*What is needed*: Your reply is to be the lines below, exactly as written, with images omitted.

*Records from a dataset*:
Content starts
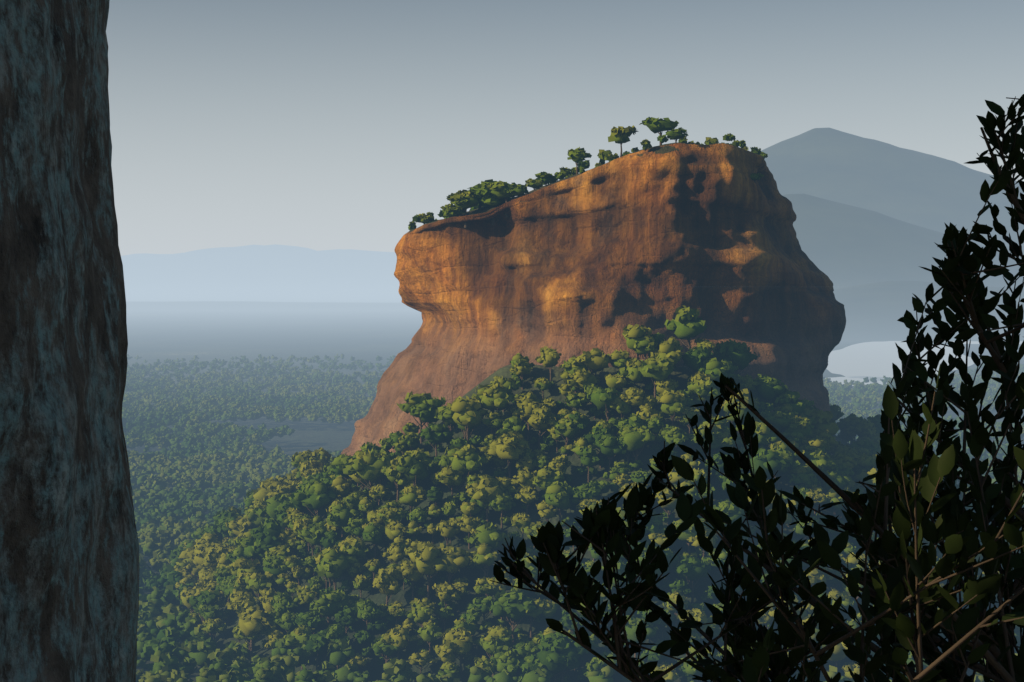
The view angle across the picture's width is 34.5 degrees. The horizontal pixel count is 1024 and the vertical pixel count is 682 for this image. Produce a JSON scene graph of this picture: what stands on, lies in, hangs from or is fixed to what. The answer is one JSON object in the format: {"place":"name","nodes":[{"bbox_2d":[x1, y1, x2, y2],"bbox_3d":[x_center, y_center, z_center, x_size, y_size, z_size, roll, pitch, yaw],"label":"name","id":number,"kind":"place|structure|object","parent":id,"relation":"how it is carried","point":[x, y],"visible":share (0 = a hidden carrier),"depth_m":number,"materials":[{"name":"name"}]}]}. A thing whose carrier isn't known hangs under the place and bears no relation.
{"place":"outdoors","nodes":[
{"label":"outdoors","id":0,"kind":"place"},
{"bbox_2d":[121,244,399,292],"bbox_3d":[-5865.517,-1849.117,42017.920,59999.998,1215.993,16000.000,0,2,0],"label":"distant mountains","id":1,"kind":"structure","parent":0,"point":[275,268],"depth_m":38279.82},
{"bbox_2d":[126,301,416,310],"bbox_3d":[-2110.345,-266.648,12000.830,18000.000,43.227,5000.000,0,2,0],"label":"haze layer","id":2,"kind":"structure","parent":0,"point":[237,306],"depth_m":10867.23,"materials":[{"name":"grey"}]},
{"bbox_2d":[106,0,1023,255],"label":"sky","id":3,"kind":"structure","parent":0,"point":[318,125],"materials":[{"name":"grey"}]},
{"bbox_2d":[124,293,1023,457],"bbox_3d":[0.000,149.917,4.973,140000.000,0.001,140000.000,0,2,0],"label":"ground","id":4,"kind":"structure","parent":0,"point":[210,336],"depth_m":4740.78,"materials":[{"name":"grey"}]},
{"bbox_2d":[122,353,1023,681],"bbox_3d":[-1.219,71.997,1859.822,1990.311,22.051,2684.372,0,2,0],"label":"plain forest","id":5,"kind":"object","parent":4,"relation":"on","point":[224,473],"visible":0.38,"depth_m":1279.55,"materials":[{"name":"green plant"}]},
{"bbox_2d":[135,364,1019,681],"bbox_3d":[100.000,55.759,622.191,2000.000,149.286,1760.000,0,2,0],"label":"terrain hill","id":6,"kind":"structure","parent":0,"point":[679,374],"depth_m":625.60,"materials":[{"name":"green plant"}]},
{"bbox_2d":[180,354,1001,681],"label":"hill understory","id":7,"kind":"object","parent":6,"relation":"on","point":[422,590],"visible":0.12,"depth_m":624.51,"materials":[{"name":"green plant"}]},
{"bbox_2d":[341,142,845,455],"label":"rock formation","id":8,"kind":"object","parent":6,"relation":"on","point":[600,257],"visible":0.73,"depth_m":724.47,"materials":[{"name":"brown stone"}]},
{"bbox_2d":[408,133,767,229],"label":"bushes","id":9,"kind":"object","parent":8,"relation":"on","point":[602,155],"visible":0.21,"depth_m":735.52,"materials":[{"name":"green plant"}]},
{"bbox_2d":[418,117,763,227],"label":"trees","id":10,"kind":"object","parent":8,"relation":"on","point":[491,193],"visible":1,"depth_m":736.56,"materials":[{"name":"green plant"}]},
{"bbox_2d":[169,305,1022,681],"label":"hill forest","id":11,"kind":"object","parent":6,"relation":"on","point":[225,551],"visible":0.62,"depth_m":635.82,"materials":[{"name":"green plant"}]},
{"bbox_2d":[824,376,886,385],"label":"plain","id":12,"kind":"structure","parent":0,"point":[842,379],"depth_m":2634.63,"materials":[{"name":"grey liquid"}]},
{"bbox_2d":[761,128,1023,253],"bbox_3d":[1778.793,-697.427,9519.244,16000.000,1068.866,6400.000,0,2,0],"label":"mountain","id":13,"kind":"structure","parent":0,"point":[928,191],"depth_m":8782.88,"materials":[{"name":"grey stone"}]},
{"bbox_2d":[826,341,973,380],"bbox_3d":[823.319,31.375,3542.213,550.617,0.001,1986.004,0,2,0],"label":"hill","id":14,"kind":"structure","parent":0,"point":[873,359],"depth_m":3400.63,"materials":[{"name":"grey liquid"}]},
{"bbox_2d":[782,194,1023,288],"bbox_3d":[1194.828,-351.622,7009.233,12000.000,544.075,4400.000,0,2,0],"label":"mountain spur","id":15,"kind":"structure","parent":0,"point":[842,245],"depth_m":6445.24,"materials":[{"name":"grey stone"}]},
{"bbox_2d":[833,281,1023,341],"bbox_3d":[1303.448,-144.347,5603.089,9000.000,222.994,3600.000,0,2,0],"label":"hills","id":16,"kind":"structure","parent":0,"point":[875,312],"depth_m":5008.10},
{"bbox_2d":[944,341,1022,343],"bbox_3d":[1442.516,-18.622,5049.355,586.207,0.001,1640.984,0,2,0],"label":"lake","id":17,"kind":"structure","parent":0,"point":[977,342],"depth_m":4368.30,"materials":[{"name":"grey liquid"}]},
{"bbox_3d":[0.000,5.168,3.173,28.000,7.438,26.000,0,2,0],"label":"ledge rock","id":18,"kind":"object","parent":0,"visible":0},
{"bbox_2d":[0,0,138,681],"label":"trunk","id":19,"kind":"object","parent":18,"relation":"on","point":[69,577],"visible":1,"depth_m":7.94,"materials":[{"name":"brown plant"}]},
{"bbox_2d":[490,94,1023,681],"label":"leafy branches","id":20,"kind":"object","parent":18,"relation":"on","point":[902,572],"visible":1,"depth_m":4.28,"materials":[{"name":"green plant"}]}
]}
Content ends
*Problem solution*:
The view angle across the picture's width is 34.5 degrees. The horizontal pixel count is 1024 and the vertical pixel count is 682 for this image. Produce a JSON scene graph of this picture: what stands on, lies in, hangs from or is fixed to what. The answer is one JSON object in the format: {"place":"name","nodes":[{"bbox_2d":[x1, y1, x2, y2],"bbox_3d":[x_center, y_center, z_center, x_size, y_size, z_size, roll, pitch, yaw],"label":"name","id":number,"kind":"place|structure|object","parent":id,"relation":"how it is carried","point":[x, y],"visible":share (0 = a hidden carrier),"depth_m":number,"materials":[{"name":"name"}]}]}. A thing whose carrier isn't known hangs under the place and bears no relation.
{"place":"outdoors","nodes":[
{"label":"outdoors","id":0,"kind":"place"},
{"bbox_2d":[121,244,399,292],"bbox_3d":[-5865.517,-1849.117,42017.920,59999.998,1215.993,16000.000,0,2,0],"label":"distant mountains","id":1,"kind":"structure","parent":0,"point":[275,268],"depth_m":38279.82},
{"bbox_2d":[126,301,416,310],"bbox_3d":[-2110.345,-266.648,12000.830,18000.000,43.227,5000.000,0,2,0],"label":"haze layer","id":2,"kind":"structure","parent":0,"point":[237,306],"depth_m":10867.23,"materials":[{"name":"grey"}]},
{"bbox_2d":[106,0,1023,255],"label":"sky","id":3,"kind":"structure","parent":0,"point":[318,125],"materials":[{"name":"grey"}]},
{"bbox_2d":[124,293,1023,457],"bbox_3d":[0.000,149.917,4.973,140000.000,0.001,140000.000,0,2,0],"label":"ground","id":4,"kind":"structure","parent":0,"point":[210,336],"depth_m":4740.78,"materials":[{"name":"grey"}]},
{"bbox_2d":[122,353,1023,681],"bbox_3d":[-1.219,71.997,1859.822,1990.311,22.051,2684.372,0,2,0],"label":"plain forest","id":5,"kind":"object","parent":4,"relation":"on","point":[224,473],"visible":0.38,"depth_m":1279.55,"materials":[{"name":"green plant"}]},
{"bbox_2d":[135,364,1019,681],"bbox_3d":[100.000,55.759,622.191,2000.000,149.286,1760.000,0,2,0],"label":"terrain hill","id":6,"kind":"structure","parent":0,"point":[679,374],"depth_m":625.60,"materials":[{"name":"green plant"}]},
{"bbox_2d":[180,354,1001,681],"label":"hill understory","id":7,"kind":"object","parent":6,"relation":"on","point":[422,590],"visible":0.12,"depth_m":624.51,"materials":[{"name":"green plant"}]},
{"bbox_2d":[341,142,845,455],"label":"rock formation","id":8,"kind":"object","parent":6,"relation":"on","point":[600,257],"visible":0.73,"depth_m":724.47,"materials":[{"name":"brown stone"}]},
{"bbox_2d":[408,133,767,229],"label":"bushes","id":9,"kind":"object","parent":8,"relation":"on","point":[602,155],"visible":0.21,"depth_m":735.52,"materials":[{"name":"green plant"}]},
{"bbox_2d":[418,117,763,227],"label":"trees","id":10,"kind":"object","parent":8,"relation":"on","point":[491,193],"visible":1,"depth_m":736.56,"materials":[{"name":"green plant"}]},
{"bbox_2d":[169,305,1022,681],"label":"hill forest","id":11,"kind":"object","parent":6,"relation":"on","point":[225,551],"visible":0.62,"depth_m":635.82,"materials":[{"name":"green plant"}]},
{"bbox_2d":[824,376,886,385],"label":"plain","id":12,"kind":"structure","parent":0,"point":[842,379],"depth_m":2634.63,"materials":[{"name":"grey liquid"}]},
{"bbox_2d":[761,128,1023,253],"bbox_3d":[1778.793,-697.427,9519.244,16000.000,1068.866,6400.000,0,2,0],"label":"mountain","id":13,"kind":"structure","parent":0,"point":[928,191],"depth_m":8782.88,"materials":[{"name":"grey stone"}]},
{"bbox_2d":[826,341,973,380],"bbox_3d":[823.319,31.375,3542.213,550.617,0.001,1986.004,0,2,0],"label":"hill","id":14,"kind":"structure","parent":0,"point":[873,359],"depth_m":3400.63,"materials":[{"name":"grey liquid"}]},
{"bbox_2d":[782,194,1023,288],"bbox_3d":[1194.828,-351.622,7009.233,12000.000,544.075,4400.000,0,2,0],"label":"mountain spur","id":15,"kind":"structure","parent":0,"point":[842,245],"depth_m":6445.24,"materials":[{"name":"grey stone"}]},
{"bbox_2d":[833,281,1023,341],"bbox_3d":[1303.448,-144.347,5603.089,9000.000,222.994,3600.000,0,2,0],"label":"hills","id":16,"kind":"structure","parent":0,"point":[875,312],"depth_m":5008.10},
{"bbox_2d":[944,341,1022,343],"bbox_3d":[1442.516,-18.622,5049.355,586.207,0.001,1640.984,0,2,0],"label":"lake","id":17,"kind":"structure","parent":0,"point":[977,342],"depth_m":4368.30,"materials":[{"name":"grey liquid"}]},
{"bbox_3d":[0.000,5.168,3.173,28.000,7.438,26.000,0,2,0],"label":"ledge rock","id":18,"kind":"object","parent":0,"visible":0},
{"bbox_2d":[0,0,138,681],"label":"trunk","id":19,"kind":"object","parent":18,"relation":"on","point":[69,577],"visible":1,"depth_m":7.94,"materials":[{"name":"brown plant"}]},
{"bbox_2d":[490,94,1023,681],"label":"leafy branches","id":20,"kind":"object","parent":18,"relation":"on","point":[902,572],"visible":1,"depth_m":4.28,"materials":[{"name":"green plant"}]}
]}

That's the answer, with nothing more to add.